Pharmacokinetic interaction between latanoprost and timolol maleate was not established, although 1-4 hours after the use of the combined drug, the concentration of latanoprost acid in the watery moisture was about 2 times higher than with monotherapy.
Latanoprost
Suction. Latanoprost, being a prodrug form, is absorbed through the cornea, where it is hydrolyzed to a biologically active acid. It was found that the concentration in the watery moisture reaches a maximum about 2 hours after topical application.
Distribution. Vd is (0.16±0.02) l/kg. Latanoprost acid is detected in the watery moisture during the first 4 hours, and in the plasma-only during the first hour after topical application.
Metabolism. Latanoprost undergoes hydrolysis in the cornea under the action of esterases to form a biologically active acid. Latanoprost acid, which enters the systemic circulation, is metabolized, mainly in the liver, by beta-oxidation of fatty acids to form 1,2-dinor-and 1,2,3,4-tetranor-metabolites.

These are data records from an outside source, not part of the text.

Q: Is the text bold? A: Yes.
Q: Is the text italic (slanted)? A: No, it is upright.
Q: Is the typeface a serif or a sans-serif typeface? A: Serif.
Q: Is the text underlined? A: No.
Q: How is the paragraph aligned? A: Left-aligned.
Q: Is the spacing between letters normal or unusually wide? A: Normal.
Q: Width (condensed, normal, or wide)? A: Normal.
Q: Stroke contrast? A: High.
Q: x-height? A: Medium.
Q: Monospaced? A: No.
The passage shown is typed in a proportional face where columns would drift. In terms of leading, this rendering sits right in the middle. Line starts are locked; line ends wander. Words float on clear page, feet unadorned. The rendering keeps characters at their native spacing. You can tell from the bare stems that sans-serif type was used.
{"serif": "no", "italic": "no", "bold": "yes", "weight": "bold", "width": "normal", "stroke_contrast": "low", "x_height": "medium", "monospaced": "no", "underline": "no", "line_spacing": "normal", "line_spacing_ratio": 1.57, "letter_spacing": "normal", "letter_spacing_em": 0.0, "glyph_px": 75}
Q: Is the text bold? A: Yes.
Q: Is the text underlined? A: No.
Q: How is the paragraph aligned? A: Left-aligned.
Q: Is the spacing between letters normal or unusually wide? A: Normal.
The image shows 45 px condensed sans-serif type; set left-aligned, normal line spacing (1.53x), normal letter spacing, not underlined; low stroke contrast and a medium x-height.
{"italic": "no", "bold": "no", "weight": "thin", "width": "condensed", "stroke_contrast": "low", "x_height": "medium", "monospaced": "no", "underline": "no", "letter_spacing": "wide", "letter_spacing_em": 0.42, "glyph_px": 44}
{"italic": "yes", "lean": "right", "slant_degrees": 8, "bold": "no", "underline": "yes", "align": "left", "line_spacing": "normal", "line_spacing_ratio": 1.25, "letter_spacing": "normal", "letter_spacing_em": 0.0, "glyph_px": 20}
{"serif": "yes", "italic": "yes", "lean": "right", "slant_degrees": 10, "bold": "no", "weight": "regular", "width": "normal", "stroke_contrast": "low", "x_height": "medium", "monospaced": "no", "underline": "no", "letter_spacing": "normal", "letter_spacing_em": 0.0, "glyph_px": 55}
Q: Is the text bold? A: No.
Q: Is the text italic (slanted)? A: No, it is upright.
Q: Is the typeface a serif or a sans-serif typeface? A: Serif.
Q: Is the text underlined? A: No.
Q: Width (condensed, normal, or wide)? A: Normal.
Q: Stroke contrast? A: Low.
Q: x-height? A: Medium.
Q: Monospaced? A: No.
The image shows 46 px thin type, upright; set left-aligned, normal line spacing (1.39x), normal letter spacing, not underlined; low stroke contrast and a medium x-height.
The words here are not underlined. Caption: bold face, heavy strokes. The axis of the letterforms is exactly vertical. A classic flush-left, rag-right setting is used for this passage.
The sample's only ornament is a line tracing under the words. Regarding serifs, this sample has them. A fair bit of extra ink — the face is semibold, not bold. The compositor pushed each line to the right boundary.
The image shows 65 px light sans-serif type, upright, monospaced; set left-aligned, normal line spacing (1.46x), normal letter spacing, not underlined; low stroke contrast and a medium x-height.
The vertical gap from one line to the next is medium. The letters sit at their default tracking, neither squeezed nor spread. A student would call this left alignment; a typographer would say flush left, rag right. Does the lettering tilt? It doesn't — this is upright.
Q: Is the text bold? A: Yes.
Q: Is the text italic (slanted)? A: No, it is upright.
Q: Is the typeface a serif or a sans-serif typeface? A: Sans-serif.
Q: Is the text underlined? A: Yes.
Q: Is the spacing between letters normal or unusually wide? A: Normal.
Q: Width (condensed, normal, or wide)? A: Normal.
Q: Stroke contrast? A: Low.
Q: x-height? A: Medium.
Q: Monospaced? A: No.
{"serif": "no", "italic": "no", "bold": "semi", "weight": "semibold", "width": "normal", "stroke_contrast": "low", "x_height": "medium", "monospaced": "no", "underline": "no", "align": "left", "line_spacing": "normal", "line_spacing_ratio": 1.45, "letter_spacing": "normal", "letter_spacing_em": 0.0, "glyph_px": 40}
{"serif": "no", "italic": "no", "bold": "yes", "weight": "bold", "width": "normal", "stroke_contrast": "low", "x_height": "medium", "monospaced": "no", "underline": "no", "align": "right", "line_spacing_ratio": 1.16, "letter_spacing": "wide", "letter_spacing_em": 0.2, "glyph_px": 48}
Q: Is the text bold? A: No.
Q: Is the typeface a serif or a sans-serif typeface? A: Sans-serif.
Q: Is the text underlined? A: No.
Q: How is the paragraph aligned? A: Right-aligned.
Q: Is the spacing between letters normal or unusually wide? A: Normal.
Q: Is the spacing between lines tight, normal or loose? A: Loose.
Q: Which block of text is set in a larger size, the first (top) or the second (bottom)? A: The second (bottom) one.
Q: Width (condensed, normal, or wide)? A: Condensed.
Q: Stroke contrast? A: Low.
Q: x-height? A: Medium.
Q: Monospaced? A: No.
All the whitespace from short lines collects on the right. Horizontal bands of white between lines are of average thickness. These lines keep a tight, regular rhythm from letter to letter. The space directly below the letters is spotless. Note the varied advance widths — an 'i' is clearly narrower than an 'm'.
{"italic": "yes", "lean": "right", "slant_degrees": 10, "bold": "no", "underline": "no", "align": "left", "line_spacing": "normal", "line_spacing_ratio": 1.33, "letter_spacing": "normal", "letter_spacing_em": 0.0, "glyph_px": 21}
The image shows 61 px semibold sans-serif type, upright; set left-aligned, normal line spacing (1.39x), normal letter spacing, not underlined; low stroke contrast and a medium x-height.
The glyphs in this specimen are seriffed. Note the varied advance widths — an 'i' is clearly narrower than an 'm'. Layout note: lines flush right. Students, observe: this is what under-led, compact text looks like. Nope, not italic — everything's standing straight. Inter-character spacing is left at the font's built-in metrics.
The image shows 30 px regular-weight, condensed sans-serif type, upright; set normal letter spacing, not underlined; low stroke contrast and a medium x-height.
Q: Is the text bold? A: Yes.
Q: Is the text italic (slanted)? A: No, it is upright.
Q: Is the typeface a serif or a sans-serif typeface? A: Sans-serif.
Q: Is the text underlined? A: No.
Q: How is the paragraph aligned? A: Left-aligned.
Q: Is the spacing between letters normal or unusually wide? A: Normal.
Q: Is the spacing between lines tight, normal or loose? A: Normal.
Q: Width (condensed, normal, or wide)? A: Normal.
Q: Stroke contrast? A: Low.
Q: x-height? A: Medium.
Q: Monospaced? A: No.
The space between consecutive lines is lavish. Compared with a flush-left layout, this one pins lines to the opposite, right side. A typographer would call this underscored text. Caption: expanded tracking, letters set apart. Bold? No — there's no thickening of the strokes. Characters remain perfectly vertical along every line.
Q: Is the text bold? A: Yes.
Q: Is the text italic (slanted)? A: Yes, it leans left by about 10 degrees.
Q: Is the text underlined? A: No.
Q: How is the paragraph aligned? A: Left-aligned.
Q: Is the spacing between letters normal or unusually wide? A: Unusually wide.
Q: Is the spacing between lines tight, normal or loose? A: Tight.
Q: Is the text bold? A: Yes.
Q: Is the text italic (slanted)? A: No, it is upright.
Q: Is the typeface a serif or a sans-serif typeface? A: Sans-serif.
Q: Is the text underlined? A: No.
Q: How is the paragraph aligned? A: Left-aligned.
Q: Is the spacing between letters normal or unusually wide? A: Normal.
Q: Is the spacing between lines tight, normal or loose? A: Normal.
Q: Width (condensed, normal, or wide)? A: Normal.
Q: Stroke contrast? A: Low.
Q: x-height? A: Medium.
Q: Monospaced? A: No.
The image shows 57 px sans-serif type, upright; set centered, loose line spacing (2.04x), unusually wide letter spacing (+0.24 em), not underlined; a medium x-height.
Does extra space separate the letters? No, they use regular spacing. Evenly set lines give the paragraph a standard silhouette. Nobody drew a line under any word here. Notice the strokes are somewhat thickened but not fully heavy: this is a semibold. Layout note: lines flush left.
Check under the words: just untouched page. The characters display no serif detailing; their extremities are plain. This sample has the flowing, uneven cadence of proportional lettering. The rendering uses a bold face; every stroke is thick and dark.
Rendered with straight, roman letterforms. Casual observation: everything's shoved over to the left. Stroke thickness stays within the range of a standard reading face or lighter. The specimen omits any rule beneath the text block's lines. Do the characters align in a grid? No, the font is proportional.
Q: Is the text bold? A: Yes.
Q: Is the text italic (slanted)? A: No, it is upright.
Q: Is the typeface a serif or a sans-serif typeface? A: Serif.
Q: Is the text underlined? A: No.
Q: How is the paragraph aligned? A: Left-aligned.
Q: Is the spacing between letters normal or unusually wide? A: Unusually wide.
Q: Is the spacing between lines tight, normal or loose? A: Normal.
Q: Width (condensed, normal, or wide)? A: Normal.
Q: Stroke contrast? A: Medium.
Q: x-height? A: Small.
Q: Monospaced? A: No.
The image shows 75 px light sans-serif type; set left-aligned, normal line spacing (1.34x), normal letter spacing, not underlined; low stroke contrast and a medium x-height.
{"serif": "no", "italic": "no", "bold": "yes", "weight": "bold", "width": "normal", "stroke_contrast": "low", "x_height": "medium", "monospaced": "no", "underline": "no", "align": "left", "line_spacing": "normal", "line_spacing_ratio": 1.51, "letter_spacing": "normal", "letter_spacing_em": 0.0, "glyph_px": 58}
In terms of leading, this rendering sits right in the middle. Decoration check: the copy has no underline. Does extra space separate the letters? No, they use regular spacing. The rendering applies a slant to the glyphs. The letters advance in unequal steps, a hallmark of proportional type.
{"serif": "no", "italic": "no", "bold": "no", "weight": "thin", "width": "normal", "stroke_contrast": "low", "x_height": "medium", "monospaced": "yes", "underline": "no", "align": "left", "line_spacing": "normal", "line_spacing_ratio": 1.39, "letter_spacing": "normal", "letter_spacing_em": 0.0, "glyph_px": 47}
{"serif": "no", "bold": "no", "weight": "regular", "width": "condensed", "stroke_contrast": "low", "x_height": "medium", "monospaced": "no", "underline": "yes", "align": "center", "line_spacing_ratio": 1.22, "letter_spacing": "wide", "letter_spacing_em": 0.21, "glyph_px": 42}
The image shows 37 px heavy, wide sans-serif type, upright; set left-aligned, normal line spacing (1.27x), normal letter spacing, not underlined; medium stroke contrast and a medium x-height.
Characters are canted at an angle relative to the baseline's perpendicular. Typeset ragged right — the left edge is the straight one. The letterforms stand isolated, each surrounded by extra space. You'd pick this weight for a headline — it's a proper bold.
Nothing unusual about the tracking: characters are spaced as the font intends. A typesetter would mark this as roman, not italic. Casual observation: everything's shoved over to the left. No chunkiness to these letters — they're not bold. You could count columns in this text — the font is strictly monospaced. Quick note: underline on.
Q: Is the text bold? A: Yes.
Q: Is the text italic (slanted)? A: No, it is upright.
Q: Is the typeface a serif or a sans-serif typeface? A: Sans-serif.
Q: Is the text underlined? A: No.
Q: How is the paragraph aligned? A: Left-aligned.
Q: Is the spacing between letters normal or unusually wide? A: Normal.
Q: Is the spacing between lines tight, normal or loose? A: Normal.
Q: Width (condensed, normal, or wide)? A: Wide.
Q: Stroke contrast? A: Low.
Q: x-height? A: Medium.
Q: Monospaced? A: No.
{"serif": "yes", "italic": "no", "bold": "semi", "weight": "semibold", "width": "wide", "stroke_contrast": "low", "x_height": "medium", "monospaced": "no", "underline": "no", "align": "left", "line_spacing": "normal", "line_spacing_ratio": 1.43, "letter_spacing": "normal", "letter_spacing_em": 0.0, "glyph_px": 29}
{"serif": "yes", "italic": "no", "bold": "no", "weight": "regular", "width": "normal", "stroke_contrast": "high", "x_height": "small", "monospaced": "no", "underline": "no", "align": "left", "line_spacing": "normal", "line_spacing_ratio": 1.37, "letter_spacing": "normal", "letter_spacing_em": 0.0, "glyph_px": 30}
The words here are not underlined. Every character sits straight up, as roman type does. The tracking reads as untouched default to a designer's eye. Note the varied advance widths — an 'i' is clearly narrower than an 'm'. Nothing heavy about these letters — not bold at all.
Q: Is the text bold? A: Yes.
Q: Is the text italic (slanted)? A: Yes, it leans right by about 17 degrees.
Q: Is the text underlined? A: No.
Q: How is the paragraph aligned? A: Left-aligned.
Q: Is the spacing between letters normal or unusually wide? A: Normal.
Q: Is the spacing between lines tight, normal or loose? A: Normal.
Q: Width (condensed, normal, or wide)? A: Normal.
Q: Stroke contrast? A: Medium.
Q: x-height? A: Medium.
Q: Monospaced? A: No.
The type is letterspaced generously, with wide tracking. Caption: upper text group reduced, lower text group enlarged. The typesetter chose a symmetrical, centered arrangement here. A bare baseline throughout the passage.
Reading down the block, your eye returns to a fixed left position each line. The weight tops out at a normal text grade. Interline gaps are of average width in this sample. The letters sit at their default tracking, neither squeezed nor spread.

Output. Latanoprost acid is rapidly removed from the plasma (T1/2 =17 min). The system clearance is approximately 7 ml/min/kg. The metabolites are mainly excreted by the kidneys: after topical application, approximately 88% of the administered dose is excreted in the urine.
Timolol maleate. The concentration of timolol maleate in the watery moisture reaches a maximum about 1 h after the application of eye drops. Part of the dose is subjected to systemic absorption, and Cmax in plasma, the concentration of 1 ng / ml is reached 10-20 minutes after the use of the drug, one drop in each eye once a day (300 mcg/day). T1/2 Timolol maleate from plasma is about 6 h. Timolol maleate is actively metabolized in the liver. The metabolites, as well as a certain amount of unchanged timolol maleate, are excreted in the urine.
Co-Latanoprost Pfizer
Latanoprost, Timolol
Adults (including the elderly) — 1 drop in the affected eye (a) 1 time per day.